Этот эпизод составляет ядро, вокруг которого строится «майсе» Цигельмана. Вместе с тем и сам этот фрагмент представляет собой вариант еврейской майсе – нравоучительной истории, в которой еврею удается отстоять свое достоинство, независимость и твердость веры перед сильными мира сего. В контексте воспоминаний Котика эпизод играет важную этическую роль, поскольку Котик изображает бесчисленные унижения и страдания восточных евреев. Помещенная в череду реалистических сцен, легенда воплощает идеал еврейской стойкости в галуте. Сюда добавляется мотив исключительного еврейского дара, несовместимого с мирскими, нееврейскими категориями – в данном случае профессиональным музыкальным образованием. Очевидны хасидские корни этой майсе, в которой непостижимое для разума воздействие музыки на человека указывает на связь с Богом. Еврейские и нееврейские ценности при этом резко контрастируют друг с другом.
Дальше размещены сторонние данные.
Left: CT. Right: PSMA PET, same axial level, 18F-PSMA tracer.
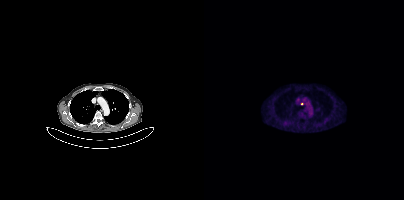
Coordinates are on the 200×200 PET (right) panel. Small PSMA-avid focus (2 to 4 px across) near (center x, center y): (98, 104).
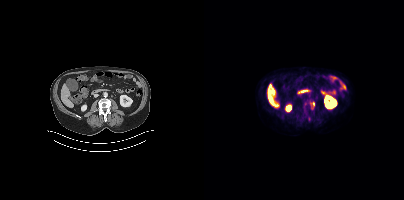
Technique: Paired axial CT (left) and PSMA PET (right), 18F-PSMA tracer. acquired on Siemens Biograph mCT Flow 20.
Findings: Coordinates are on the 200×200 PET (right) panel. Small PSMA-avid focus (2 to 4 px across) near (center x, center y): (109, 103).
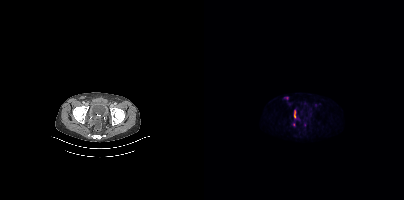
Coordinates are on the 200×200 PET (right) panel. (showing 2 of 4 foci) PSMA-avid tumor lesion bounding boxes (x0,y0,x1,y1): [90,110,91,118] [80,97,84,99].

Хасидский претекст Яков Цигельман задействует в эпоху, когда внутренний еврейский взгляд рассказчика Ехезкеля Котика давно стал частью исторического прошлого. Перспектива Цигельмана, скрывающаяся за разными голосами, наоборот, балансирует между близостью и дистанцией, своим и чужим. Такой взгляд, в котором подход (культурного) историка сочетается с живой, чуть ли не ностальгической причастностью, явственен также в особенном аксиологическом модусе изображения ушедшей эпохи: низкое социальное положение евреев в Российской империи после разделов Польши (ср.: «имперская колониальная политика» [Цигельман 1996: 35]), их притеснения и преследования иллюстрируются множеством подробностей и фактов; вместе с тем на передний план выходит этическая инаковость и автономия (тогдашних) неассимилированных евреев – прежде всего, их равнодушие к светским иерархиям, как уже в тексте-предшественнике Котика. Говорится, например, об отсутствии в еврейских языках сомнительного понятия чести [Там же: 38] или об экономической деятельности евреев диаспоры как реакции на насильственные ограничения [Там же: 86].
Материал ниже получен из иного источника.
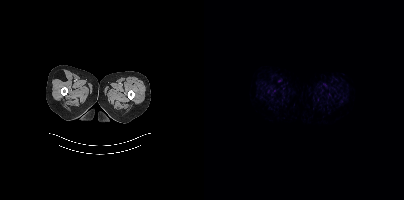
Paired axial CT (left) and PSMA PET (right), 18F tracer. Slice 13 of 413. This slice has no annotated PSMA-avid lesion.

В романе рассказывается, как знаменитого клезмера ребе Шебсла из Камница призвал к себе великий полководец Иван Паскевич418. В первом абзаце почти дословно цитируется соответствующий пассаж Котика: «1. И был реб Шебсл, камницкий клезмер, так знаменит, что слава его, посетив все местечки края, дошла и до покорителя Польши, Паскевича-наместника. И Паскевич-наместник послал за Шебслом своего мешуреса» [Там же: 3]. Подражая «домашней» коммуникативной структуре еврейского сказа, рассказчик сразу же включает читателя в круг воображаемых соседей и знакомых местечка, где к евреям обращаются по прозвищам и профессиям, а новости распространяются моментально:

2. Мешурес Паскевича еще только начал скакать, пыль столбом, а к Шебслу эта новость уже пришла в туфлях Шимке-водовоза, который получил ее из туфлей Дудке-коробейника, куда она поступила от Хацкеля-жестянщика, получившего сведения от Авремеле-лекаря. Авремеле-лекарь сам слышал про это от Хаимке-мамзера, который болтался во дворе, когда мешурес Паскевича садился в карету [Там же: 3].
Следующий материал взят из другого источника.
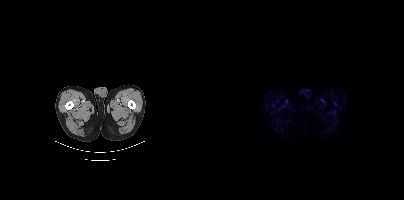
Findings: No tumor lesions annotated on this slice.
- Left: CT. Right: PSMA PET, same axial level, 18F tracer
- slice position z = -1667 mm
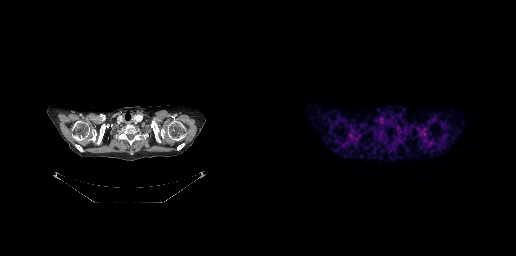
modality: PSMA PET/CT | tracer: 68Ga-PSMA | view: axial
No tumor lesions annotated on this slice.
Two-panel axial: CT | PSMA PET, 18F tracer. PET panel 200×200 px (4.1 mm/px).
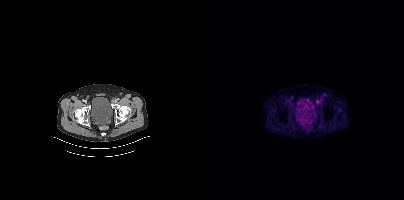
Coordinates are on the 200×200 PET (right) panel. Small PSMA-avid focus (2 to 4 px across) near (center x, center y): (113, 101).

Герметичный мир местечка и позиция «своего» рассказчика инсценируются при помощи как будто не нуждающихся в переводе еврейских понятий (мешурес, мамзер) и идишских выражений (новость приходит в туфлях жителей местечка). Мягкий юмор этого описания отсылает к интертексту Менделе и Тевье – и тем самым к почти уже фольклорному контексту еврейского мира. Перевод и пояснение следуют не сразу: лишь в комментарии к тексту несколькими страницами далее ребе расскажут о зарождении и развитии в диаспоре «пантофельной почты» [Там же: 25]. А что-то читатель должен выяснить и сам.